═══ SOURCE RECORDS

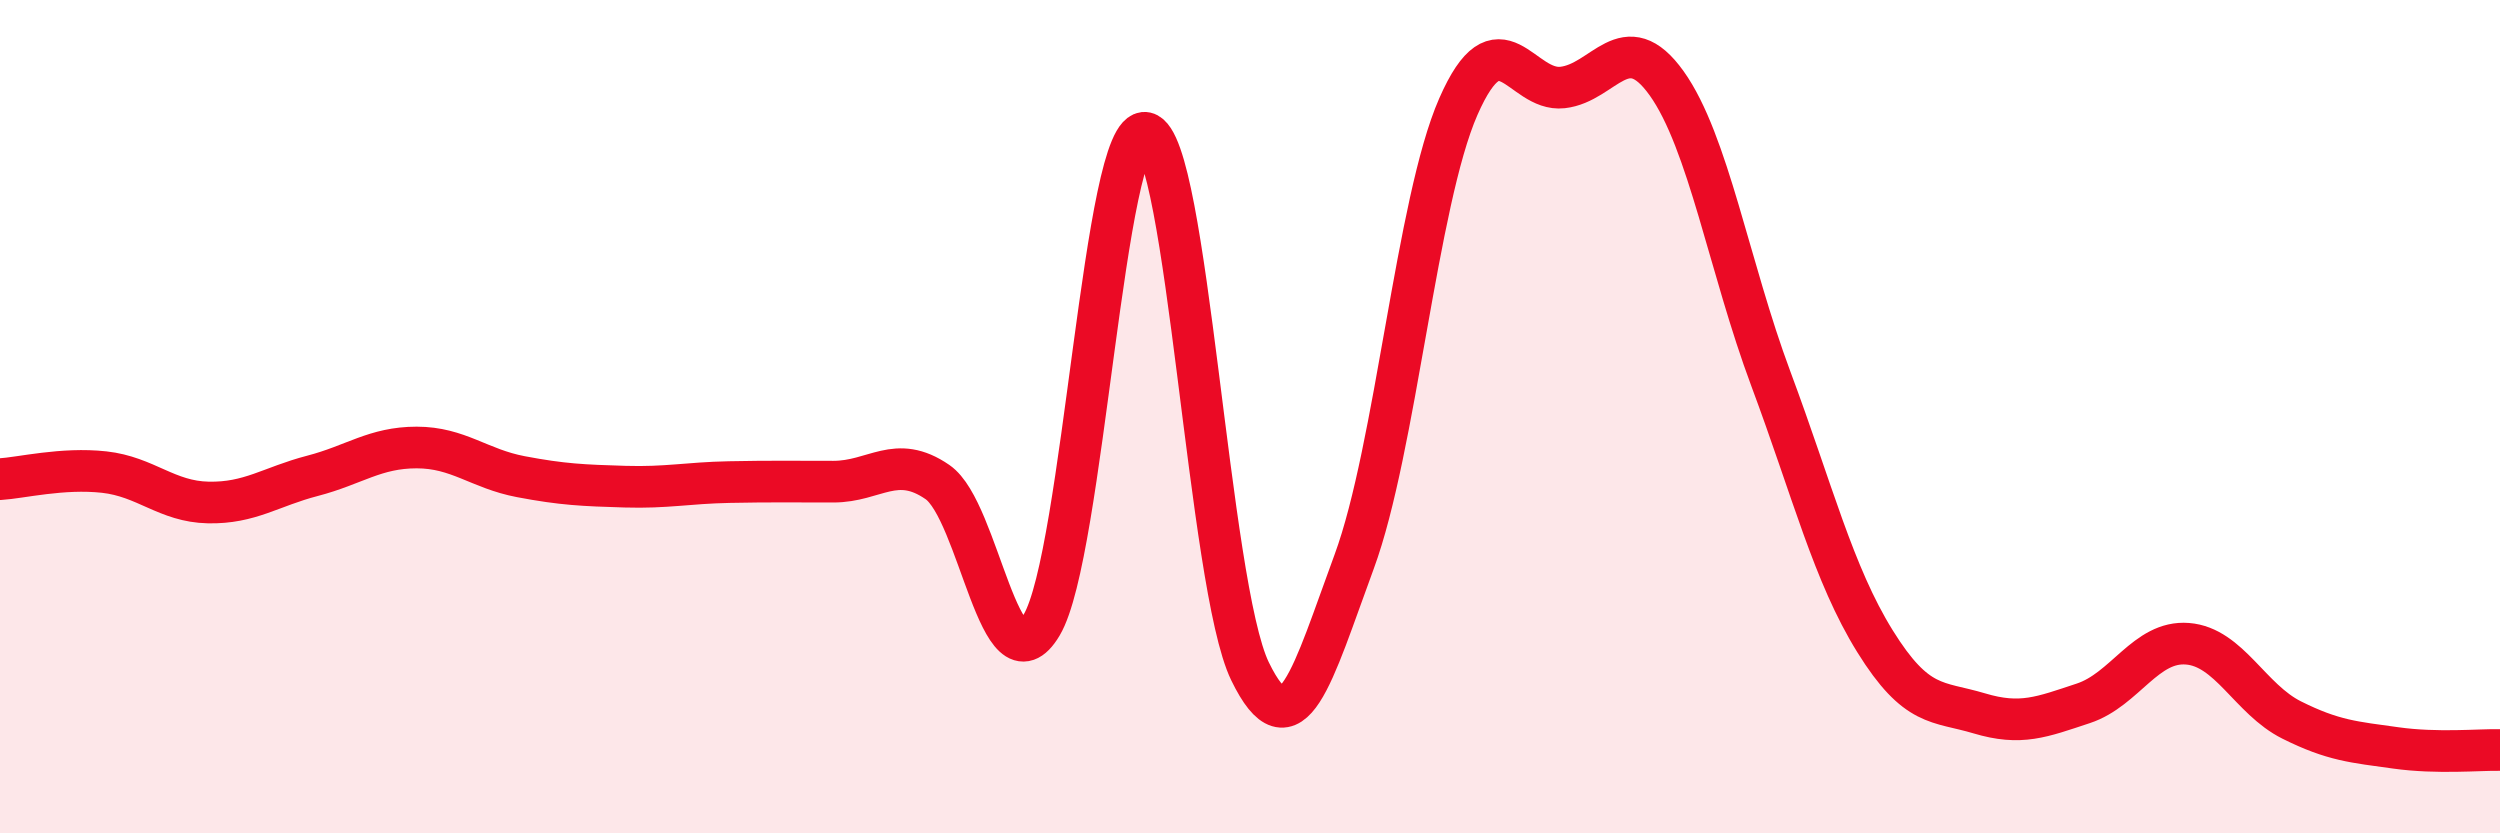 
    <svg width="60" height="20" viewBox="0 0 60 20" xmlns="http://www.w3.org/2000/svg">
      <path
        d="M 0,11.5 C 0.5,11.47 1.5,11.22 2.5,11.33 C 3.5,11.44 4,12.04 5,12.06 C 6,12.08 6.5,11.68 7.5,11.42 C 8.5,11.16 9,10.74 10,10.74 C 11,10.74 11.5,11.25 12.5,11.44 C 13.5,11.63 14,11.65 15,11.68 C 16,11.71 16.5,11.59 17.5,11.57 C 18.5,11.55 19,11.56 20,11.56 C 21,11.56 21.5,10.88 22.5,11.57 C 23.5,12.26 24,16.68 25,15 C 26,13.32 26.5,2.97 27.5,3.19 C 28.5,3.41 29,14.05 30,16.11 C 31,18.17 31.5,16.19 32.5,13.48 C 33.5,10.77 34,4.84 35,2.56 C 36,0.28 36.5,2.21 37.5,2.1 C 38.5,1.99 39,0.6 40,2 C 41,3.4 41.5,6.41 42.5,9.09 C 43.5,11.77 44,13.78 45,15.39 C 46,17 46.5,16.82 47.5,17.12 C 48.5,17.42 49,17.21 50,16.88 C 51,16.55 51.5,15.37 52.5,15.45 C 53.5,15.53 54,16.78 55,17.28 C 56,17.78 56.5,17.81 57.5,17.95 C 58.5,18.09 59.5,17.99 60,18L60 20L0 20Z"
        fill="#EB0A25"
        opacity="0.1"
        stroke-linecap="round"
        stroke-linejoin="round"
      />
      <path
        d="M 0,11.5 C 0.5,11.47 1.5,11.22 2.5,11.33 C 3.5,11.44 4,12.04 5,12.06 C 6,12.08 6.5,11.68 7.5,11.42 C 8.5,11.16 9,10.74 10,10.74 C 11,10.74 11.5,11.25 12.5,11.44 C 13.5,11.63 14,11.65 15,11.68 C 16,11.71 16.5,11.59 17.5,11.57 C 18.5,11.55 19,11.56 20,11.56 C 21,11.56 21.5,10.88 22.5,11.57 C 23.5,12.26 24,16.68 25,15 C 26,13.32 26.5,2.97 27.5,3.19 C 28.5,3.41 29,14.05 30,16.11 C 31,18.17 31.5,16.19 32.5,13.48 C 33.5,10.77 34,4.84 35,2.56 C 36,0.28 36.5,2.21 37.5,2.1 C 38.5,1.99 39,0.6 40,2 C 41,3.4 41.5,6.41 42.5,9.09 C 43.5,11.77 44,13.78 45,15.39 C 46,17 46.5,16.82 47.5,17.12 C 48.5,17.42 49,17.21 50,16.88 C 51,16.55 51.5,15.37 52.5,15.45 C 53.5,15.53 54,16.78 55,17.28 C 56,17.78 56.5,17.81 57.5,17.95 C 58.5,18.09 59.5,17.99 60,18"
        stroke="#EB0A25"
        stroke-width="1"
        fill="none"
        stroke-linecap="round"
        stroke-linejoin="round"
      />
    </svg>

══════

WORK INSTRUCTION -
If an entry holds a picture, leave the picture out and repeat the rest exactly.

RESPONSE -
    <svg width="60" height="20" viewBox="0 0 60 20" xmlns="http://www.w3.org/2000/svg">
      <path
        d="M 0,11.5 C 0.5,11.47 1.5,11.22 2.5,11.33 C 3.5,11.44 4,12.04 5,12.06 C 6,12.08 6.5,11.68 7.5,11.42 C 8.5,11.16 9,10.74 10,10.74 C 11,10.74 11.5,11.25 12.5,11.44 C 13.5,11.63 14,11.65 15,11.68 C 16,11.71 16.5,11.59 17.5,11.57 C 18.5,11.55 19,11.56 20,11.56 C 21,11.56 21.5,10.88 22.5,11.57 C 23.5,12.26 24,16.68 25,15 C 26,13.32 26.5,2.97 27.5,3.19 C 28.5,3.41 29,14.05 30,16.11 C 31,18.17 31.5,16.19 32.5,13.48 C 33.5,10.77 34,4.84 35,2.56 C 36,0.28 36.5,2.21 37.5,2.1 C 38.5,1.99 39,0.6 40,2 C 41,3.4 41.5,6.41 42.5,9.09 C 43.5,11.77 44,13.78 45,15.39 C 46,17 46.5,16.82 47.5,17.12 C 48.5,17.42 49,17.21 50,16.88 C 51,16.55 51.5,15.37 52.5,15.45 C 53.5,15.53 54,16.78 55,17.28 C 56,17.78 56.5,17.81 57.5,17.95 C 58.5,18.09 59.5,17.99 60,18L60 20L0 20Z"
        fill="#EB0A25"
        opacity="0.1"
        stroke-linecap="round"
        stroke-linejoin="round"
      />
      <path
        d="M 0,11.5 C 0.5,11.47 1.5,11.22 2.5,11.33 C 3.5,11.44 4,12.04 5,12.06 C 6,12.08 6.5,11.68 7.5,11.42 C 8.5,11.16 9,10.74 10,10.74 C 11,10.74 11.5,11.25 12.5,11.44 C 13.5,11.63 14,11.65 15,11.68 C 16,11.71 16.5,11.59 17.5,11.57 C 18.5,11.55 19,11.56 20,11.56 C 21,11.56 21.5,10.88 22.5,11.57 C 23.5,12.26 24,16.68 25,15 C 26,13.32 26.5,2.97 27.5,3.19 C 28.5,3.41 29,14.05 30,16.11 C 31,18.17 31.5,16.19 32.5,13.48 C 33.5,10.77 34,4.84 35,2.56 C 36,0.28 36.5,2.21 37.5,2.1 C 38.5,1.99 39,0.6 40,2 C 41,3.4 41.5,6.41 42.5,9.09 C 43.5,11.77 44,13.78 45,15.39 C 46,17 46.5,16.82 47.5,17.12 C 48.5,17.42 49,17.21 50,16.88 C 51,16.55 51.5,15.37 52.5,15.45 C 53.5,15.53 54,16.78 55,17.28 C 56,17.78 56.5,17.81 57.5,17.95 C 58.5,18.09 59.5,17.99 60,18"
        stroke="#EB0A25"
        stroke-width="1"
        fill="none"
        stroke-linecap="round"
        stroke-linejoin="round"
      />
    </svg>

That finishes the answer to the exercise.